Stats: Tourism Grows 4% in 2021 But Remains Below Pre-Pandemic Levels

According to United Nations World Tourism Organization (UNWTO), global tourism witnessed a 4 percent increase in 2021, compared to 2020 (415 million versus 400 million); however, international tourist arrivals (overnight visitors) were still 72 percent below the pre-pandemic year of 2019. This follows 2020—the worst year on record for tourism—when international arrivals plunged by 73 percent.

This year’s first issue of the “UNWTO World Tourism Barometer” suggests that rising rates of vaccination, coupled with easing of travel bans due to increased cross-border coordination and protocols, have all helped release pent-up demand. International tourism rebounded moderately during the second half of 2021, with international arrivals down 62 percent in both the third and fourth quarters compared to pre-pandemic levels. According to limited data, international arrivals in December were 65 percent below 2019 levels. The full impact of the Omicron variant and surge in COVID-19 cases is yet to be seen.

The pace of recovery remains slow and uneven across world regions due to varying degrees of mobility restrictions, vaccination rates and traveler confidence. Although Europe and the Americas recorded the strongest results in 2021 compared to 2020 (+19 percent and +17 percent respectively), both were still 63 percent below pre-pandemic levels.

By sub-region, the Caribbean saw the best performance (+63 percent above 2020, though 37 percent below 2019), with some destinations nearing or exceeding pre-pandemic levels. Southern Mediterranean Europe (+57 percent) and Central America (+54 percent) also enjoyed a significant rebound but remain 54 percent and 56 percent down on 2019 levels respectively. North America (+17 percent) and Central Eastern Europe (+18 percent) also climbed above 2020 levels. 

Meanwhile, Africa saw a 12 percent growth in arrivals in 2021 compared to 2020, though this is still 74 percent below 2019. In the Middle East arrivals slumped 24 percent compared to 2020 and 79 percent over 2019. In Asia and the Pacific arrivals were still 65 percent below 2020 levels and 94 percent when compared to pre-pandemic values as many destinations remained closed to non-essential travel.
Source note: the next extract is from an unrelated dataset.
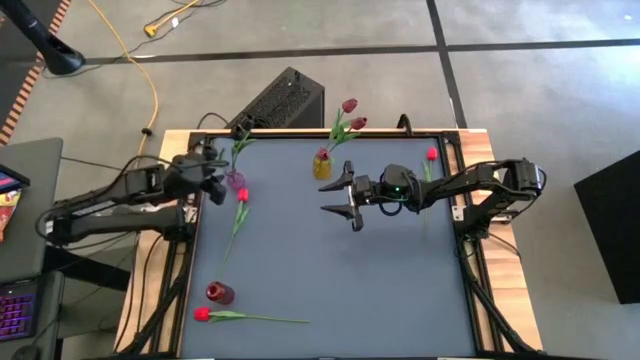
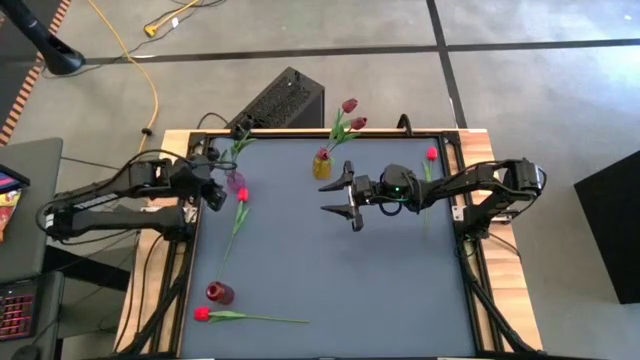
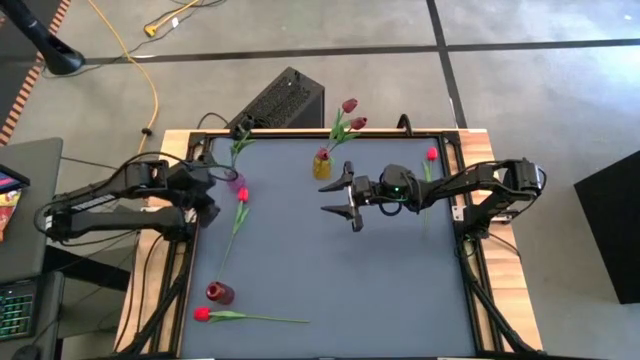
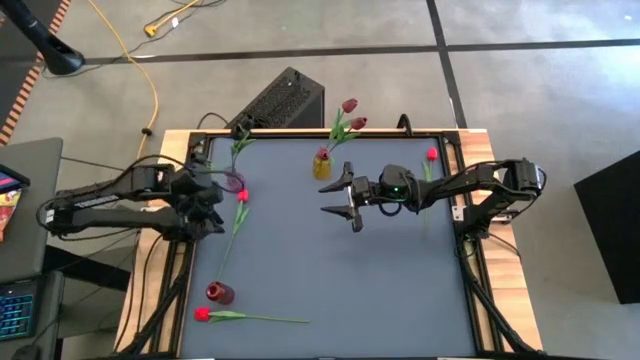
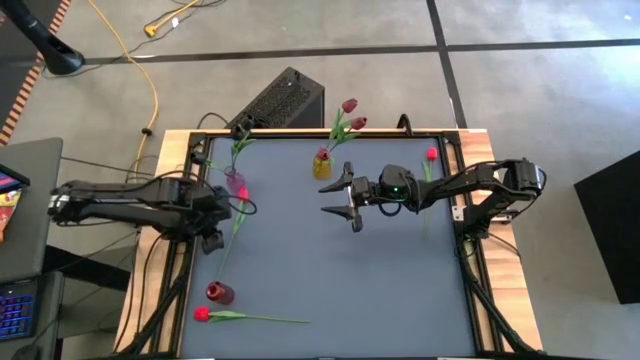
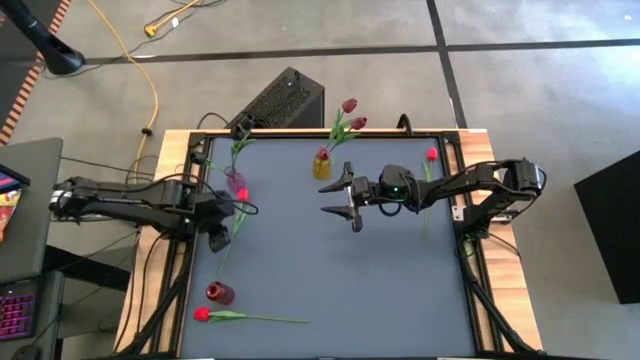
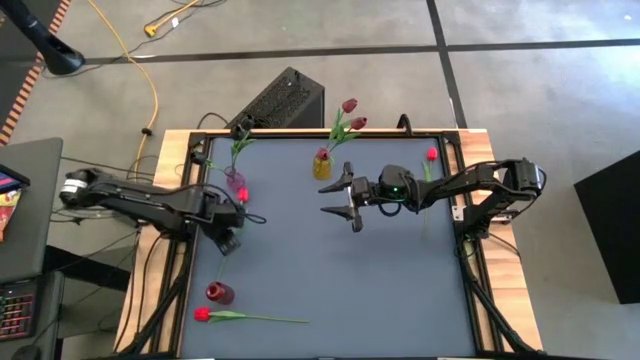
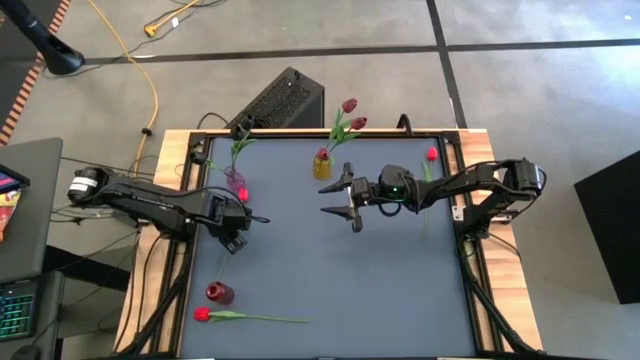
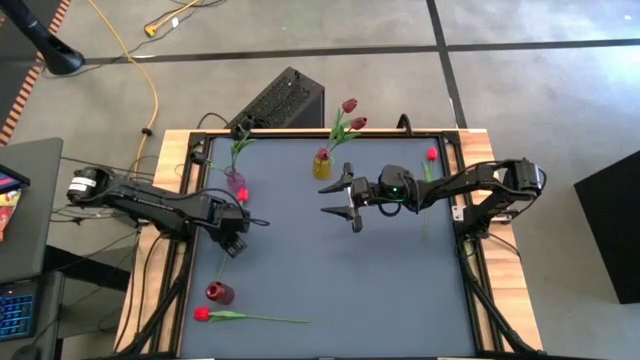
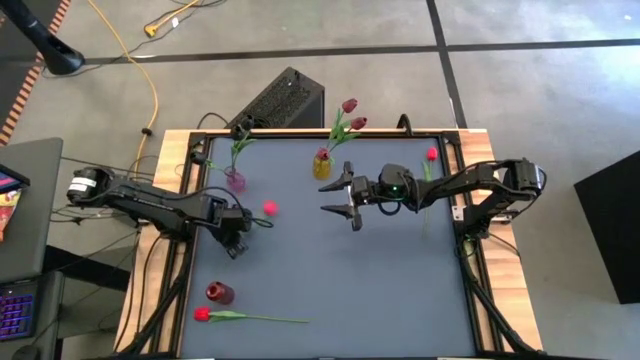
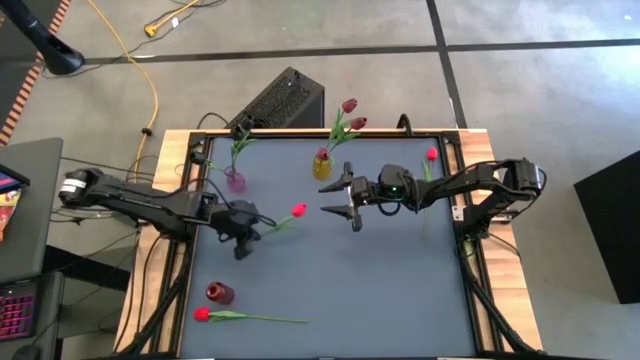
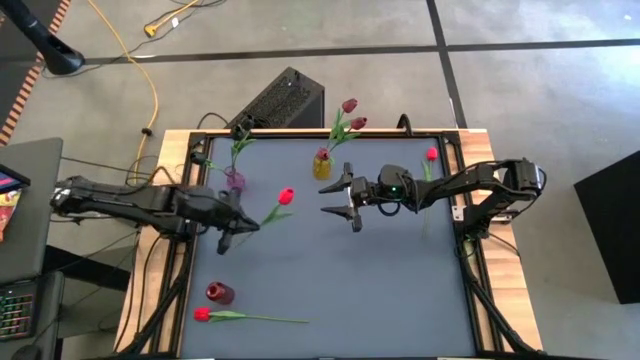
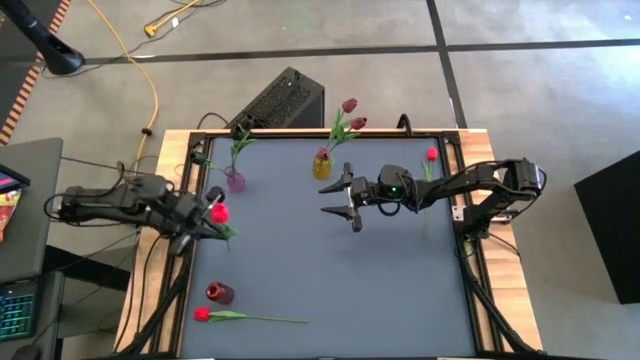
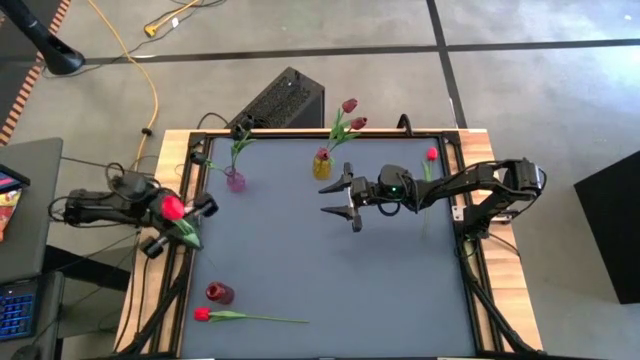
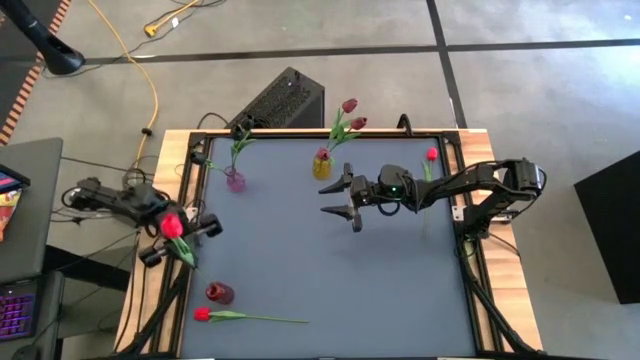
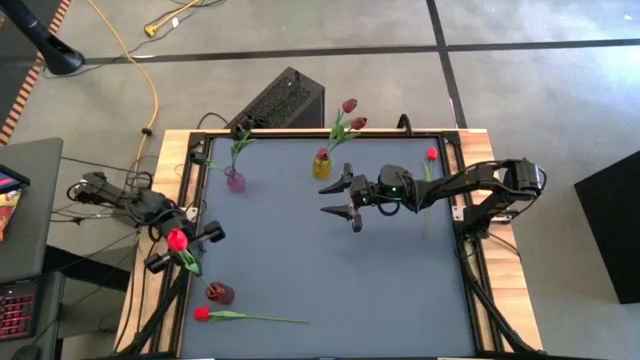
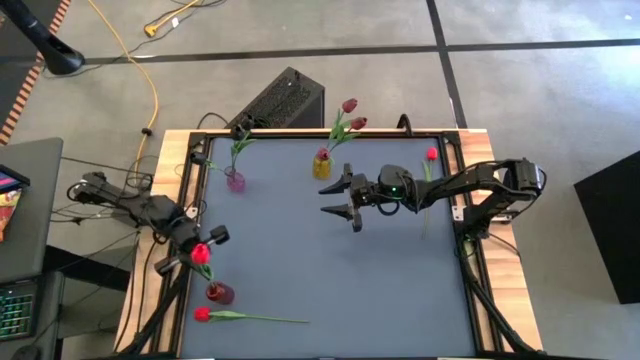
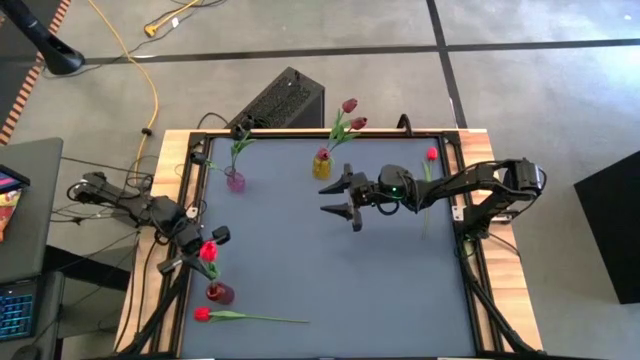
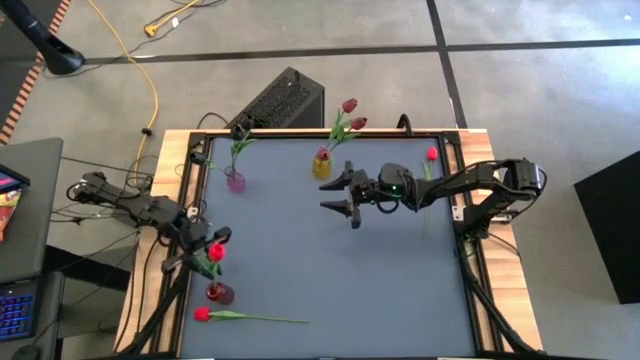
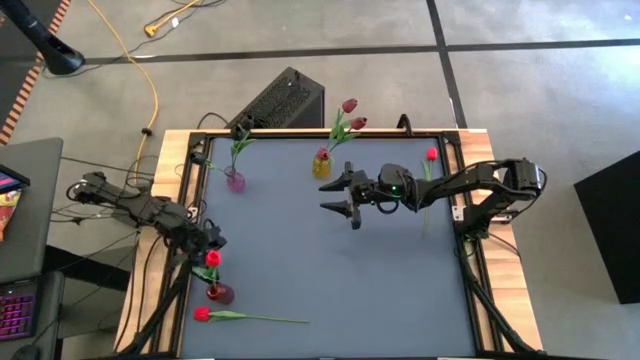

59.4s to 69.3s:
Put the top left red flower into the red vase

The economic contribution of tourism in 2021 (measured in tourism direct gross domestic product) is estimated at $1.9 trillion, above the $1.6 trillion in 2020, but still below the pre-pandemic value of $3.5 trillion. Export revenues from international tourism could exceed $700 billion in 2021, a slight improvement over 2020 due to higher spending per trip, but less than half the $1.7 trillion recorded in 2019.

Average receipts per arrival are estimated to have reached $1,500 in 2021, up from $1,300 in 2020. This is due to pent-up savings and longer lengths of stay, as well as higher transport and accommodation prices. France and Belgium reported comparatively smaller declines in tourism expenditure with -37 percent and -28 percent, respectively, over 2019. Saudi Arabia (-27 percent) and Qatar (-2 percent) also posted somewhat better results in 2021.

According to UNWTO’s panel of experts, most tourism professionals (61 percent) envision better prospects for 2022. While 58 percent expect a rebound in 2022, mostly during the third quarter, 42 percent point to a potential rebound only in 2023. A majority of experts (64 percent) expect international arrivals to return to 2019 levels only in 2024 or later, up from 45 percent in the September survey.

The “UNWTO Confidence Index” shows a slight dip between January and April this year. According to experts, a rapid and more widespread vaccination rollout, followed by a major lifting of travel bans, and more coordination and clearer information on travel protocols are the main factors necessary for the effective recovery of international tourism. UNWTO scenarios indicate that international tourist arrivals could rise by 30 percent to 78 percent as compared to 2021; however, this is still 50 to 63 percent below pre-pandemic levels.

The recent surge in COVID-19 cases and the Omicron variant are set to disrupt the recovery and affect confidence through early 2022 as some countries reintroduce travel bans and restrictions for certain markets. The vaccination rollout also remains uneven and many destinations still have their borders completely closed, mostly in Asia and the Pacific. A challenging economic environment could put additional pressure on the effective recovery of international tourism, with the surge in oil prices, increase in inflation, potential rise in interest rates, high debt volumes and the continued disruption in supply chains. That said, the ongoing tourism recovery in many markets, mostly in Europe and the Americas, coupled with the widespread vaccination rollout and a major coordinated lifting of travel bans, could help restore consumer confidence, thereby accelerating the recovery of international tourism in 2022.

While international tourism bounces back, domestic tourism continues to drive recovery of the sector in an increasing number of destinations, particularly those with large domestic markets. UNWTO forecasts that domestic tourism and travel close to home, as well as open-air activities, nature-based products and rural tourism are among the major travel trends that will continue shaping the sector in 2022.